The records below must be copied in full; omit the images.
Dataset records START
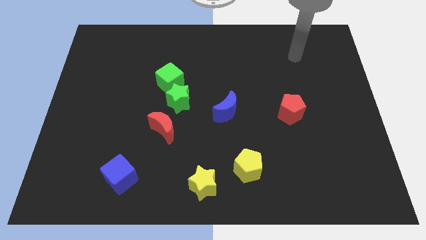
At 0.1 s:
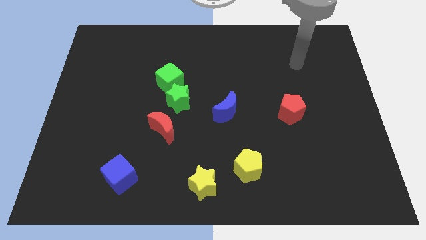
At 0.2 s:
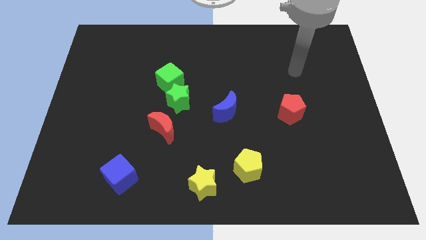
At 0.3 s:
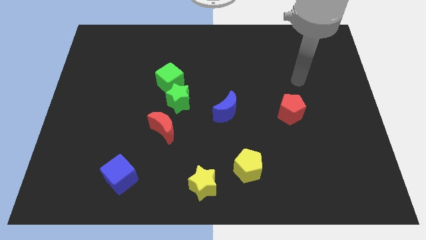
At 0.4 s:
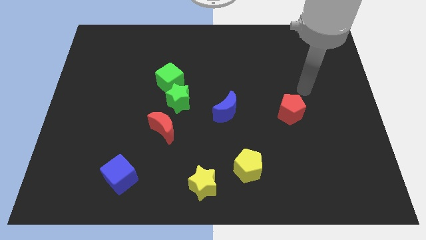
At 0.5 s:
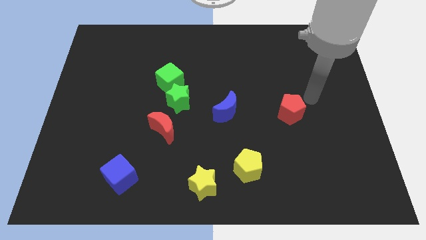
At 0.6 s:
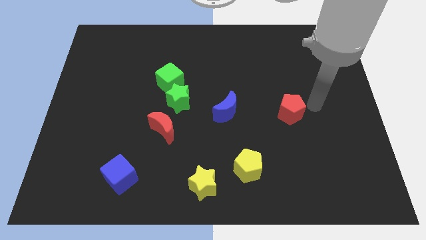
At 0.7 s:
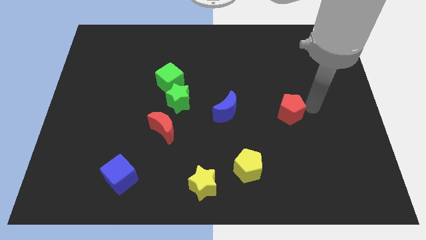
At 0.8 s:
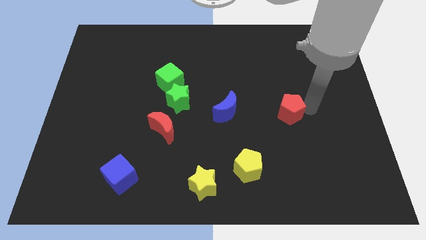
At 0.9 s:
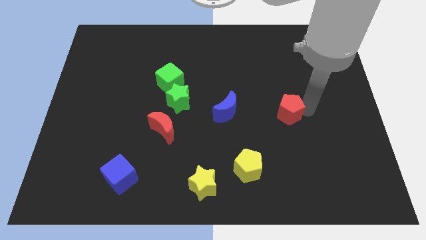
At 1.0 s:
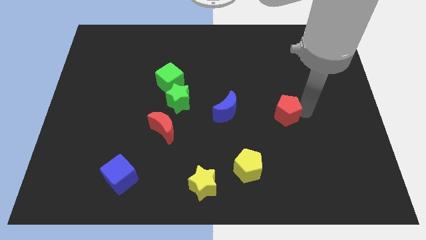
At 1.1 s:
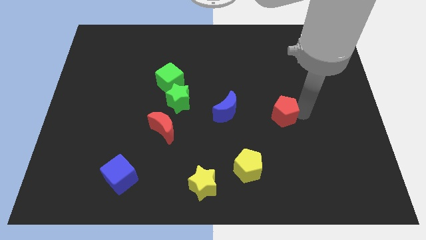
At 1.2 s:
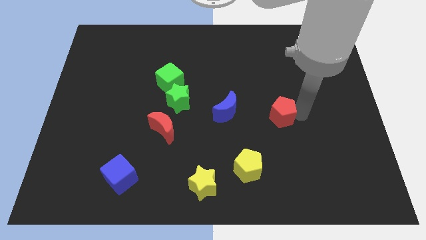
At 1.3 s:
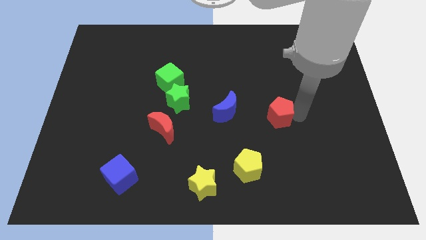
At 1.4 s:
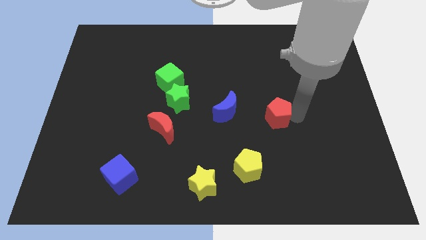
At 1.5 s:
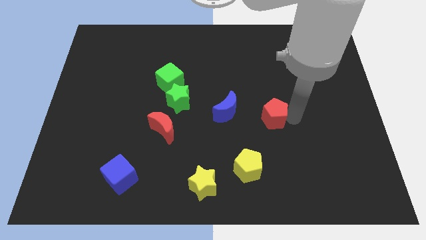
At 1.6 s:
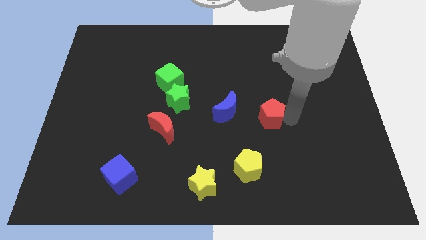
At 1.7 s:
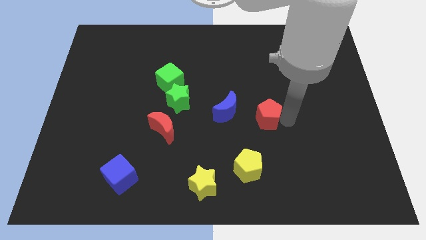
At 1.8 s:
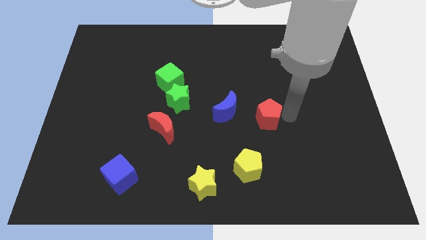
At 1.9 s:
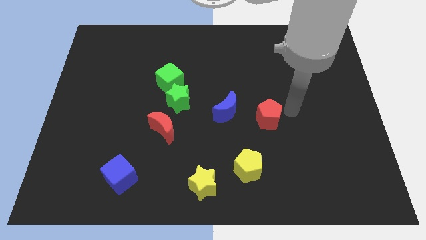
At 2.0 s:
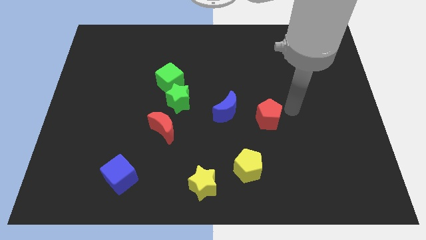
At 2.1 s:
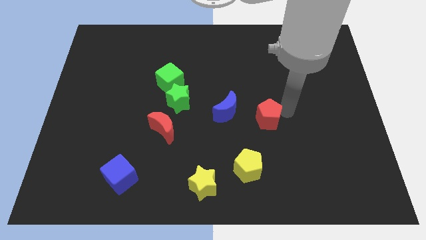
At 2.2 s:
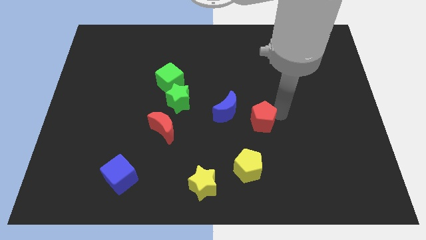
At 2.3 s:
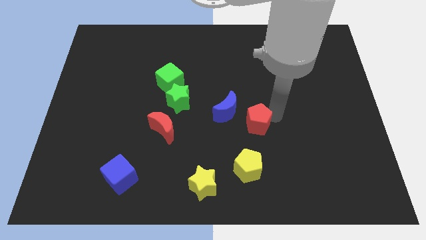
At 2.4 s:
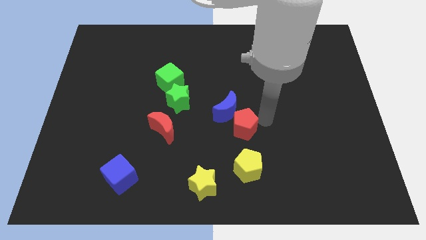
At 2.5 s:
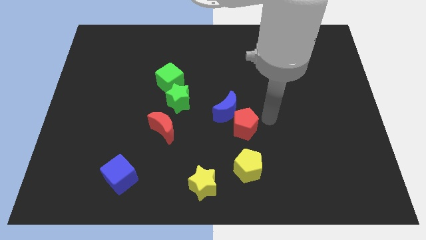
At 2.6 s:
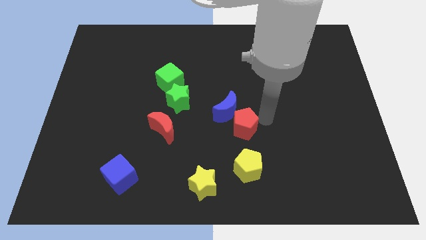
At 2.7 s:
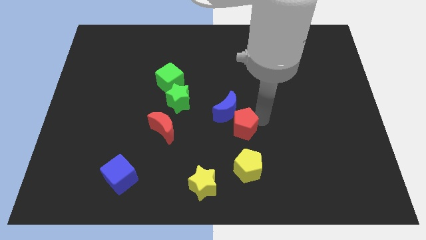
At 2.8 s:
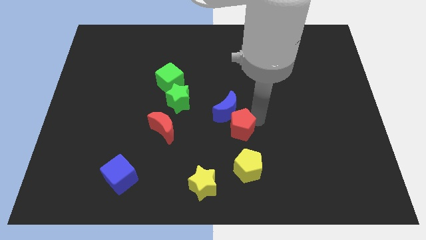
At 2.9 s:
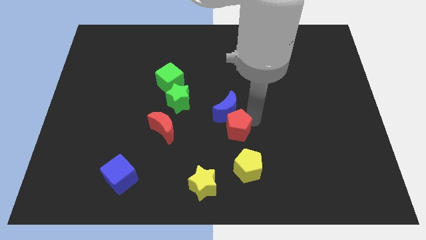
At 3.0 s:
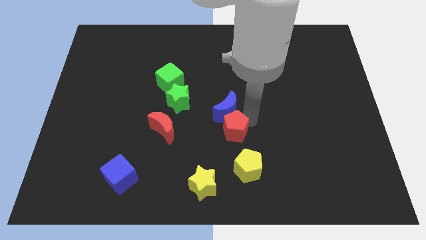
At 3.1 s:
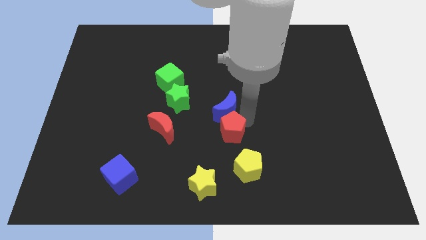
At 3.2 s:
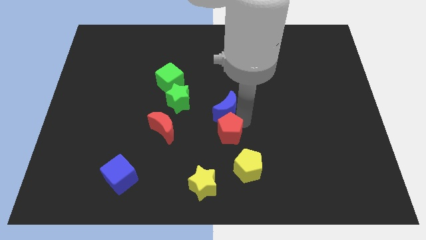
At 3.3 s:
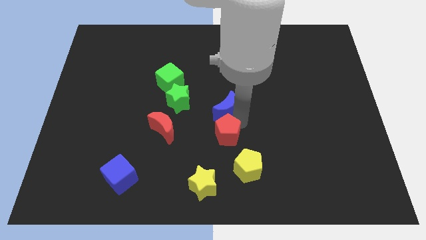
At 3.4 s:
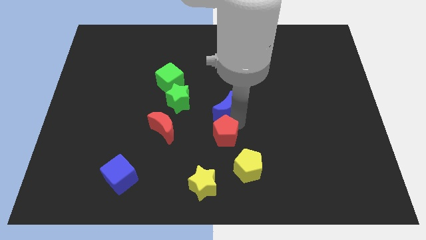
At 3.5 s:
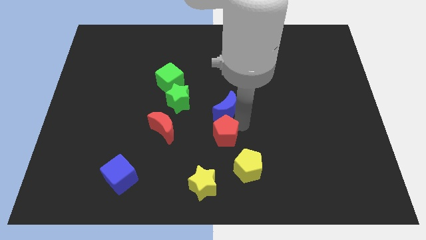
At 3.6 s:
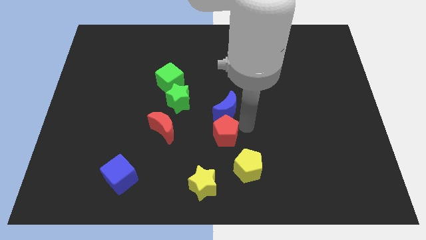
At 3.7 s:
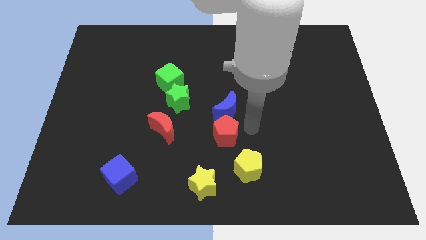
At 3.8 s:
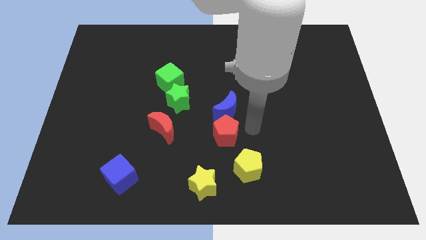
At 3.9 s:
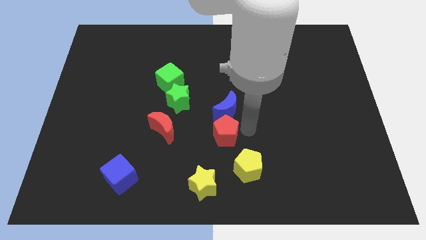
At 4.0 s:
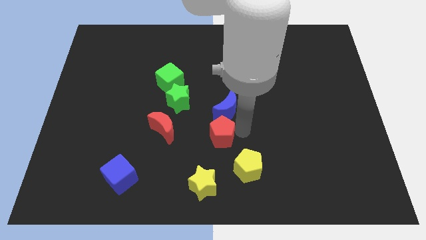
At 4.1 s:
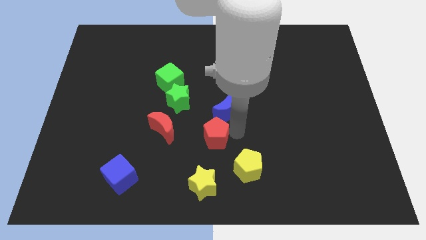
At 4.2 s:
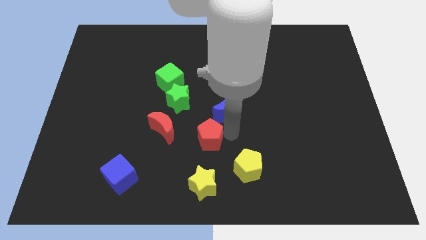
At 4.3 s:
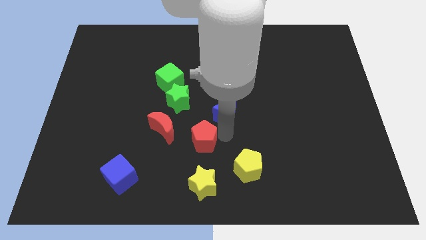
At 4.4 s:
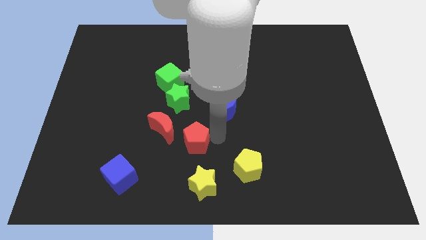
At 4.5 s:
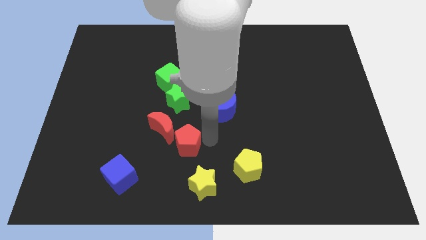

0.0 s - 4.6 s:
move the red pentagon to the left
Dataset records END
**Expected output**
At 0.1 s:
At 0.2 s:
At 0.3 s:
At 0.4 s:
At 0.5 s:
At 0.6 s:
At 0.7 s:
At 0.8 s:
At 0.9 s:
At 1.0 s:
At 1.1 s:
At 1.2 s:
At 1.3 s:
At 1.4 s:
At 1.5 s:
At 1.6 s:
At 1.7 s:
At 1.8 s:
At 1.9 s:
At 2.0 s:
At 2.1 s:
At 2.2 s:
At 2.3 s:
At 2.4 s:
At 2.5 s:
At 2.6 s:
At 2.7 s:
At 2.8 s:
At 2.9 s:
At 3.0 s:
At 3.1 s:
At 3.2 s:
At 3.3 s:
At 3.4 s:
At 3.5 s:
At 3.6 s:
At 3.7 s:
At 3.8 s:
At 3.9 s:
At 4.0 s:
At 4.1 s:
At 4.2 s:
At 4.3 s:
At 4.4 s:
At 4.5 s:

0.0 s - 4.6 s:
move the red pentagon to the left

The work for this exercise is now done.